Synthesis of nanoscale materials has been the focus of inorganic chemistry since the late twentieth century. Fascination with nanoscale materials originates from their properties that can be significantly different than their bulk counterparts. Single metal nanoparticles and binary semiconductors are probably the most studied nanomaterials. Synthesis of ternary nanomaterials has seen rapid growth during the past decade in both versatility of methods and number of materials produced. Study of these materials on nanoscale is important due to their potential impact on current technologies. Nanoscale ternary oxides are particularly interesting materials due to the range of interesting electronic, magnetic, catalytic and optical properties their bulk counterparts possess. Alkalide reduction is a low temperature solution phase synthesis method capable of producing wide range of single element nanomaterials, binary and ternary nanoparticles.

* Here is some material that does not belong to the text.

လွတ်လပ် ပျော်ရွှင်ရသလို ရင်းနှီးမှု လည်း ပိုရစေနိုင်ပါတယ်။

Alkalides are salts of alkali metal cations, complexed by crown ethers or cryptands, charge balanced by alkali metal anions. Upon dissolution in ethers, solvated alkali anions are formed. Alkali anions are one of the most powerful reducing agents in any given solvent, outdone only by solvated electron. Alkalide reduction of metal salts results in the formation of metal colloids consisting of nanoscale particles (∼ 3-10 nm). Variation of alkalide salt to metal cation ratio can result in nanoscale materials with different structures, thus enabling access to metastable phases that are not easily accessible by other synthesis methods. Expanding the range of metal cations reduced by alkalides has been one of the goals of this thesis. Co-reduction of two metal salts can result in binary nanoscale alloys that can lead to ternary (BaTiO 3) or quaternary (K0.5W0.5Nb0.5O 3) nanomaterials. Nanorod morphology of ternary oxides can be favored by high heating rates of alkalide reduction products. Here we present synthesis by alkalide reduction and characterization of several ternary nano-oxides such as tungsten bronzes, fluorescent terbium doped yttria, potassium tantalates, potassium niobates, and alkali earth titanates.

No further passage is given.